18th November 2022
MEDIA RELEASE ON THE COURT OF APPPEAL DECISION IN ABAYO JOSEPH WAIGO V ASERUA JACKLINE
The Women’s Probono Initiative has analyzed the recent Court of Appeal judgement in the case of Ambayo Joseph Waigo vs. Aserua Jackline, Civil Appeal No. 100 of 2015. We acknowledge that there are some protective principles laid out in the case, however from the feminist perspective, we flinch on the decision’s regressive aspects.
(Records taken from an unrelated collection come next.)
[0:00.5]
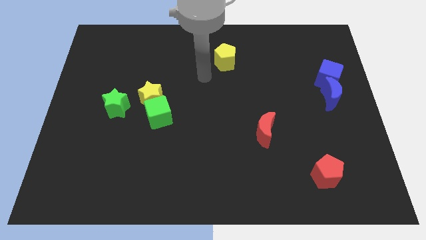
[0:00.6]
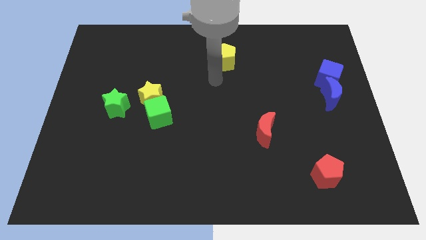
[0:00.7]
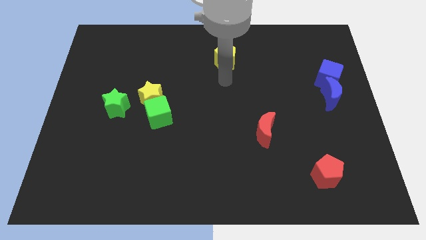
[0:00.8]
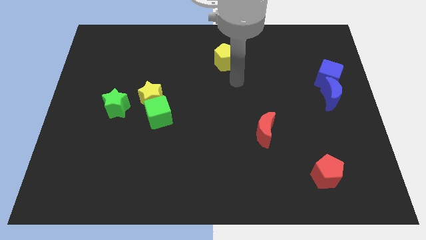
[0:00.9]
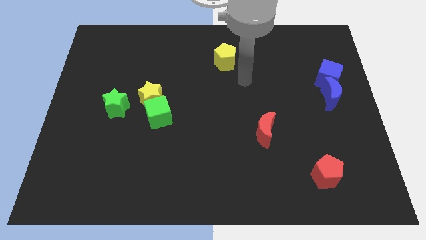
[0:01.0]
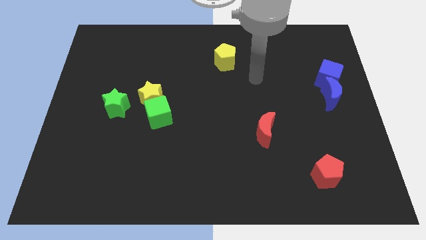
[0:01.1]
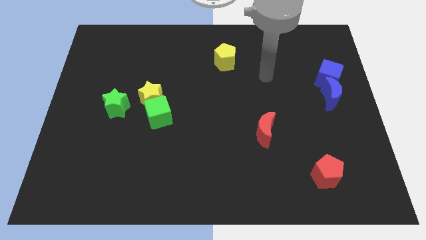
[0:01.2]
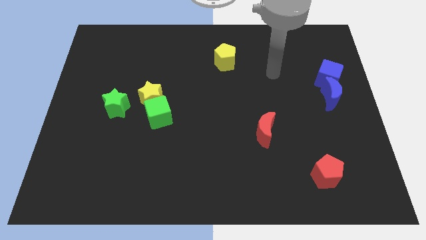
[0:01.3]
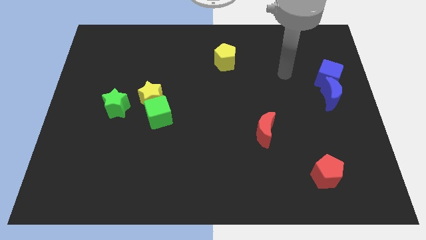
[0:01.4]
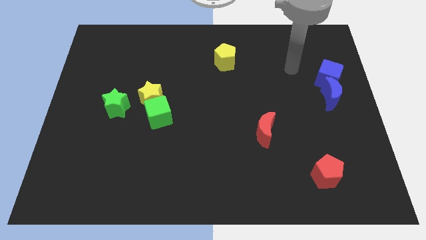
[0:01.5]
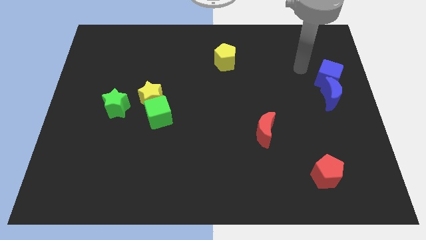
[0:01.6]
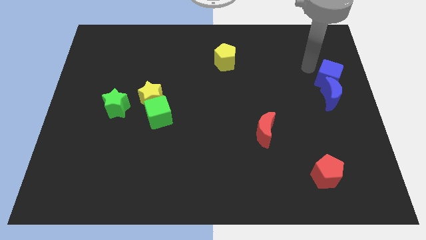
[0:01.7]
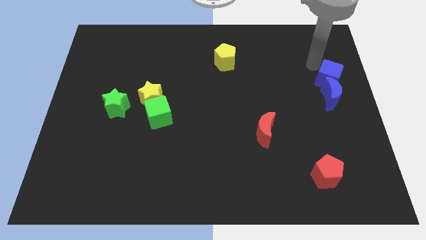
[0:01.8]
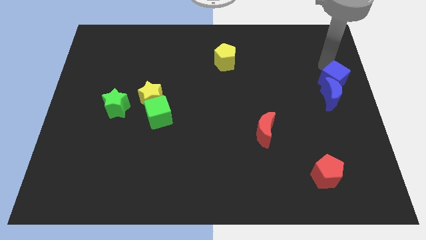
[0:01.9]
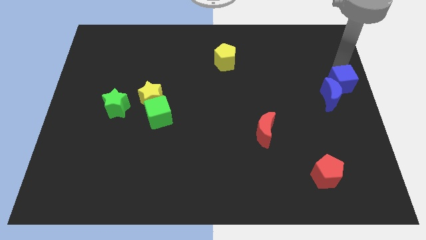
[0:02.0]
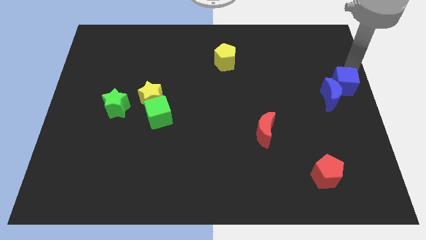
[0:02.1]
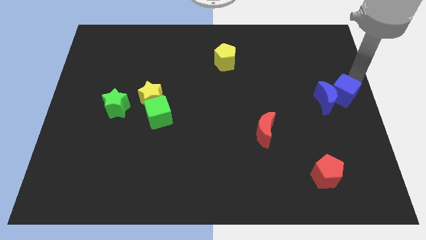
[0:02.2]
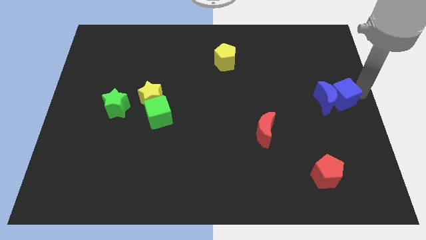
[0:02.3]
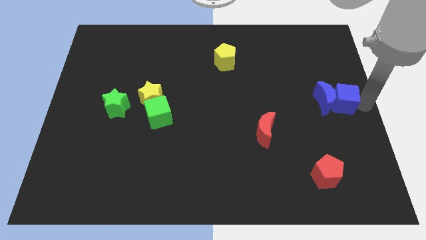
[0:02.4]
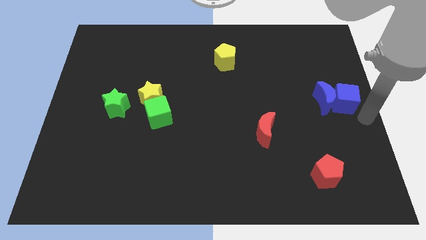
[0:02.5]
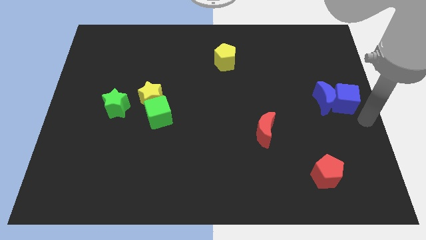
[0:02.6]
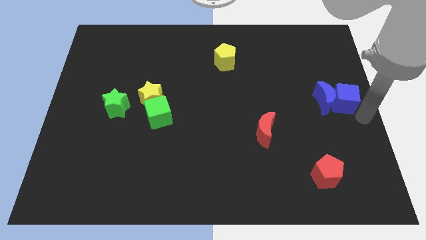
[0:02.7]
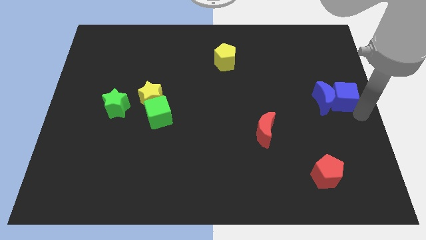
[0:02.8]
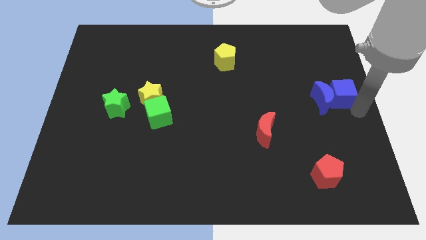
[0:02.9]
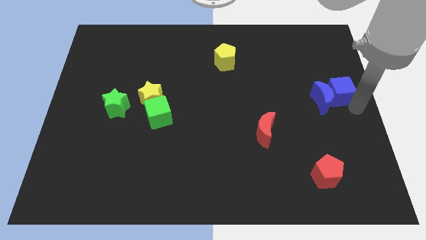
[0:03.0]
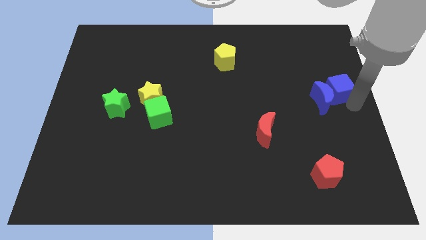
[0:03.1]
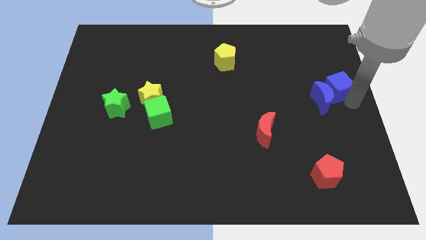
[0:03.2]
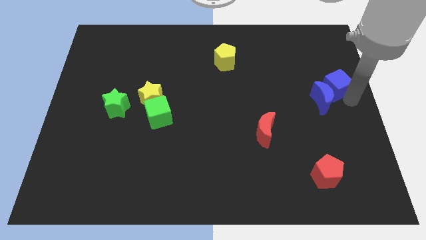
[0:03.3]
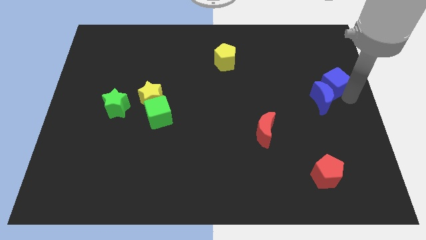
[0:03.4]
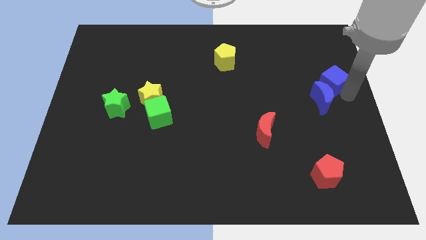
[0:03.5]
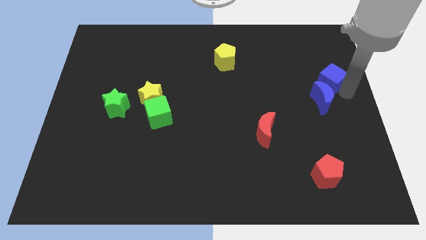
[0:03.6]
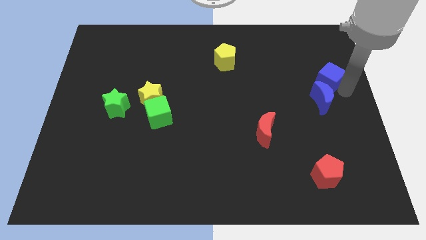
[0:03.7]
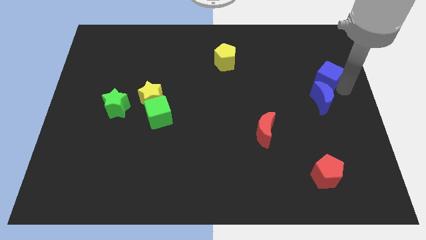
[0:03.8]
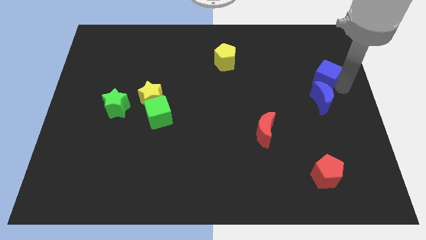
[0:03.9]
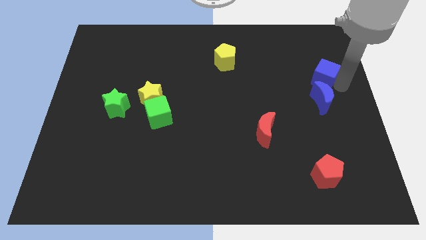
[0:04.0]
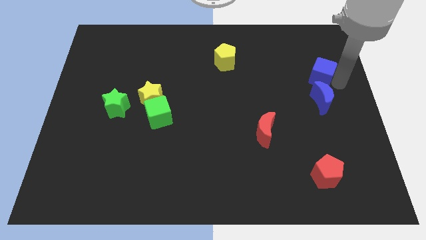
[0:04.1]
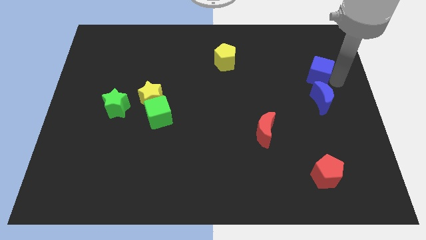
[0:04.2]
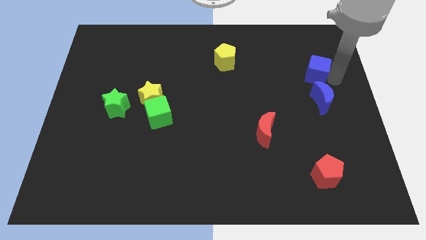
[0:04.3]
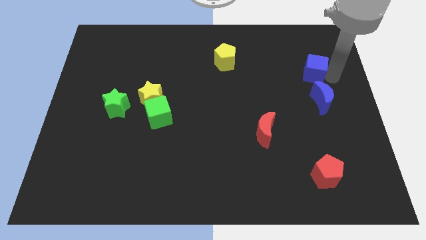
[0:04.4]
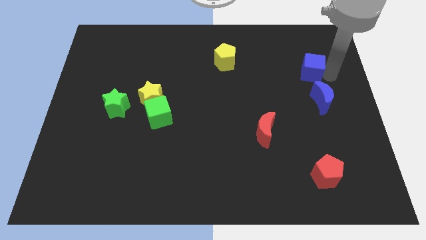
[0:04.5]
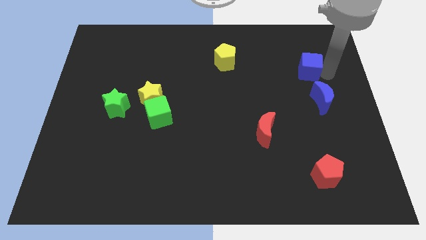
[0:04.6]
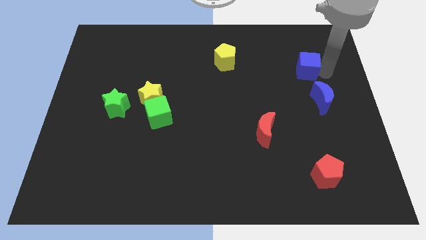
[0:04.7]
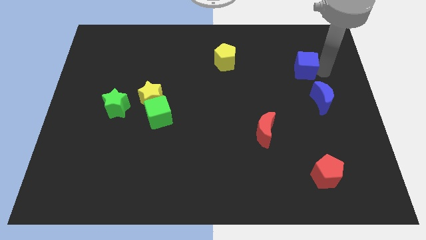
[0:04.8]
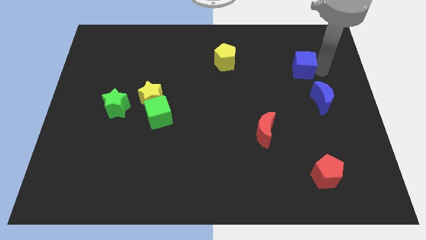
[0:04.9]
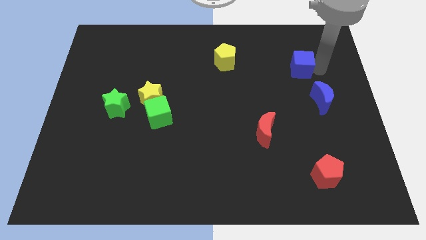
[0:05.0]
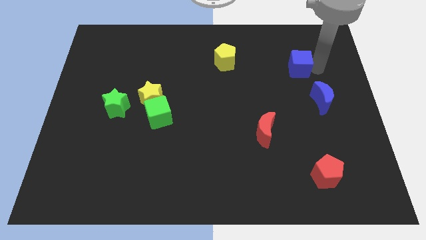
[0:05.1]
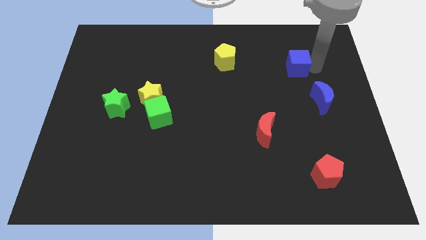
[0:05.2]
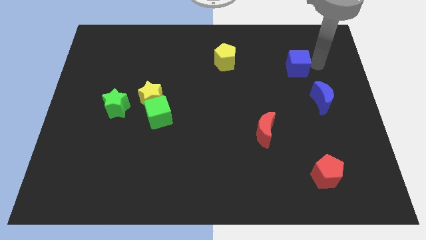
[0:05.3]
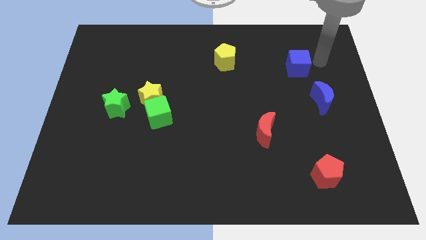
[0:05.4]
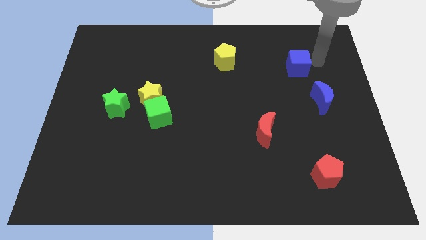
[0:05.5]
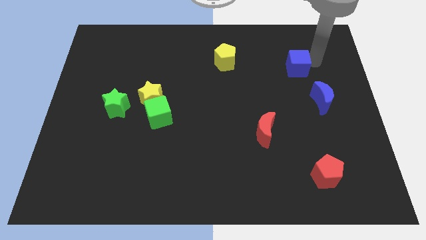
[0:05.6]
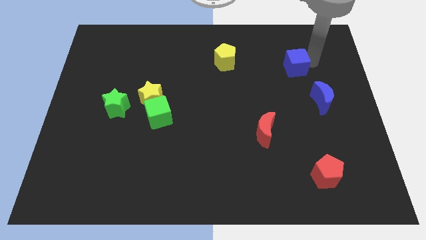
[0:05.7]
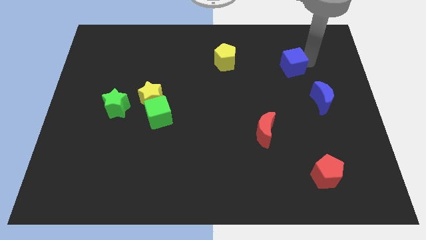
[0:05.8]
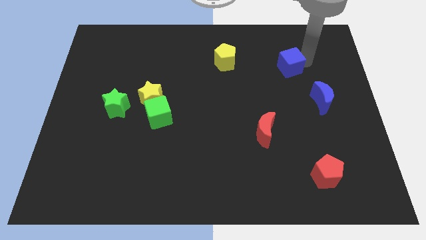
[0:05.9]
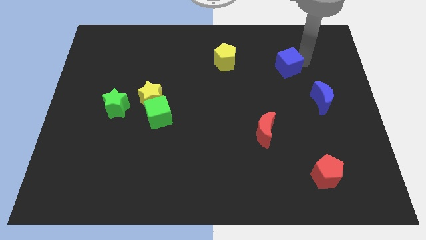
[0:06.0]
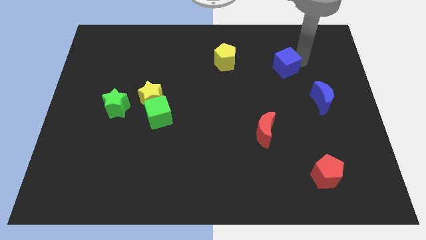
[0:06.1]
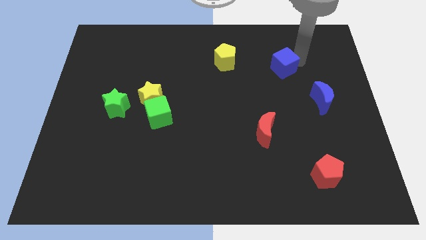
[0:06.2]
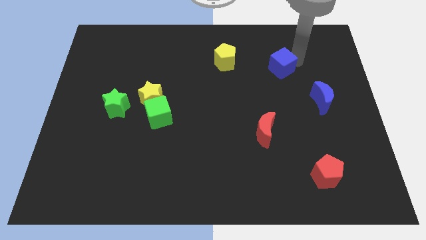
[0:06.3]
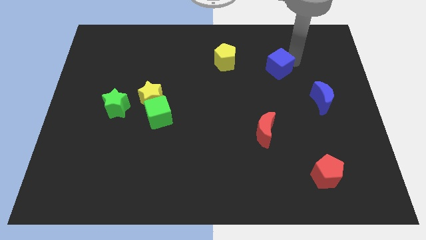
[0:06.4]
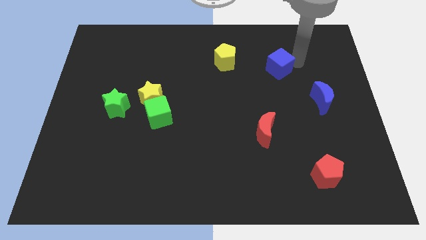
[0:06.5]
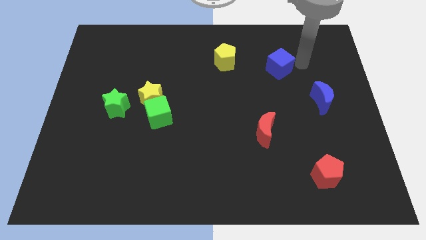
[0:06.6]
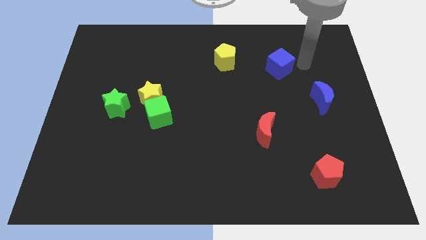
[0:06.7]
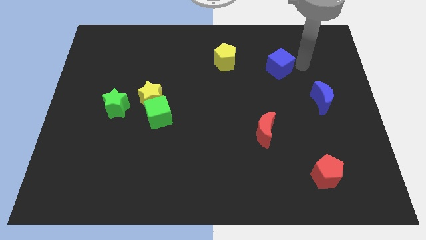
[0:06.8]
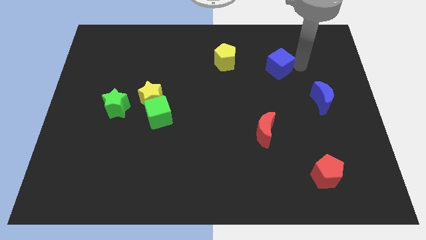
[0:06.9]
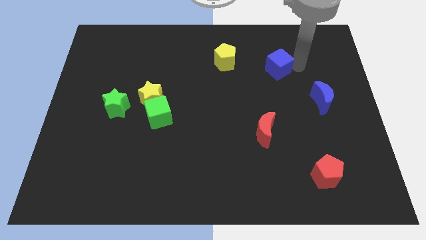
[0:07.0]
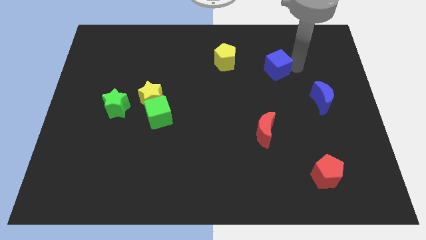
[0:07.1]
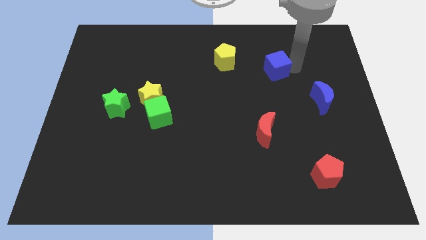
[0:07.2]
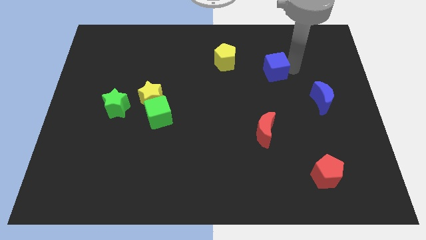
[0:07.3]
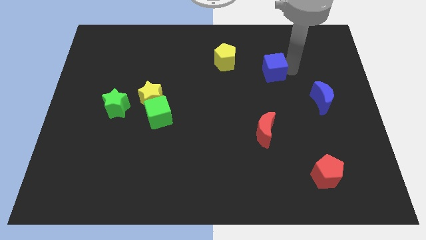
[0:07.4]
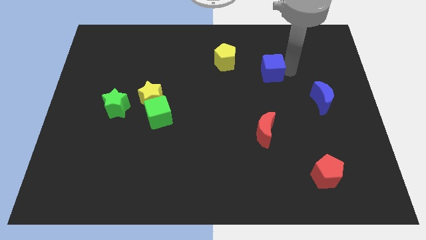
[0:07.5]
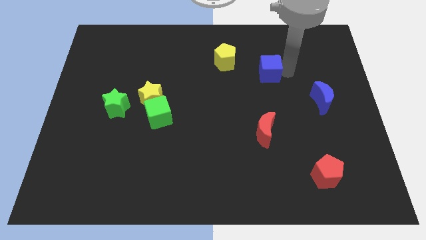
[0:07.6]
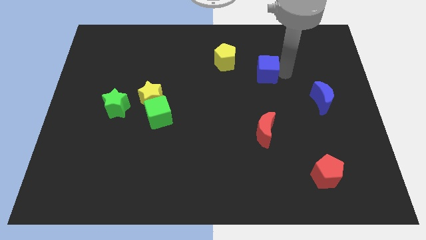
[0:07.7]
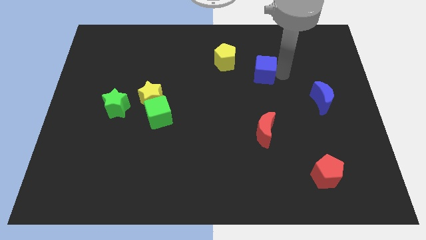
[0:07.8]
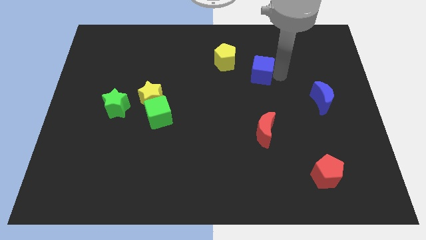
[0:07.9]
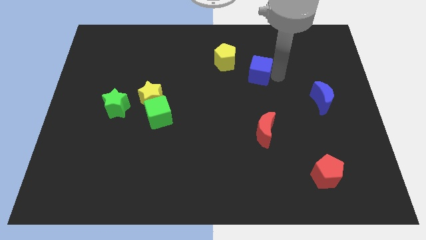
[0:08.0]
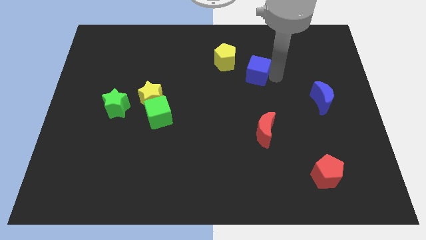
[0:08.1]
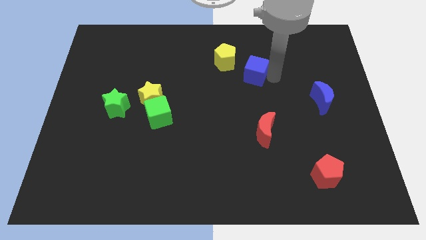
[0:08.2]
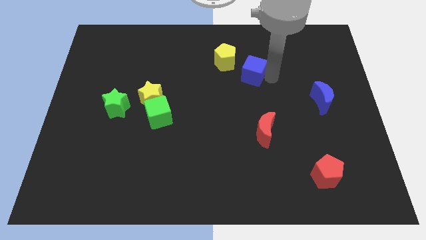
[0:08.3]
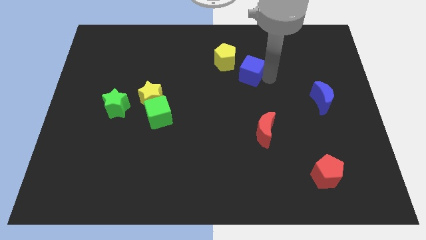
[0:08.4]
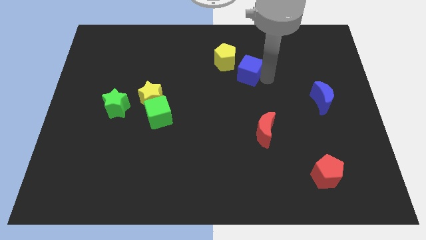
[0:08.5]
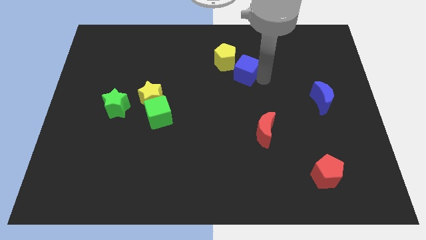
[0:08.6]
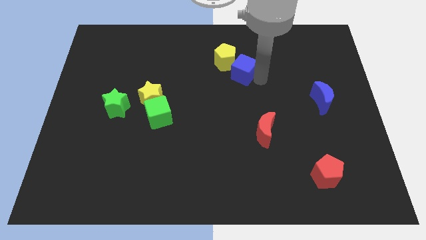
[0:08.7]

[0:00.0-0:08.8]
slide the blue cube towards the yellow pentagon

This is a manifestation of a bigger issue in our legal system’s failure to address the systemic discrimination of women. We agree with the principles in law set out by the justices that marriage does not give a spouse an automatic half-share in the matrimonial property and that a spouse’s share is dependent on his or her contribution. However, it is problematic that a wide discretion is left to judges to determine what percentage a spouse’s non- monetary contribution is valued at. This all stems from gaps in our legal framework. A case in point is the distribution of matrimonial property, where our Divorce Act fails to address current issues. The divorce act was enacted in 1904 and although it has been periodically amended, largely by case law, it has never undergone a comprehensive overhaul to update it for recent times. It therefore remains archaic and colonial in nature and the effects can be seen in how judges struggle to apply principles of equality.
Feminist authors have opined that under the present divorce system in which divorce awards neither close the earnings gap nor account for the full costs of child rearing, women are asked to “meet greater demands with fewer resources” than their former husbands. In light of this, the decision has a big bearing on subtle nuances of discrimination, GBV and the indignity allotted to women’s contributions in marital relationships.
Women’s efforts in the private sphere are grossly underestimated, undervalued by and large and is not taken into consideration especially in the evolving time where women can still birth children, nurture them and still go out to earn a living.
We therefore call for the overhaul of the Marriage Act and Divorce Act to deal with current issues and move away from the colonial and archaic laws.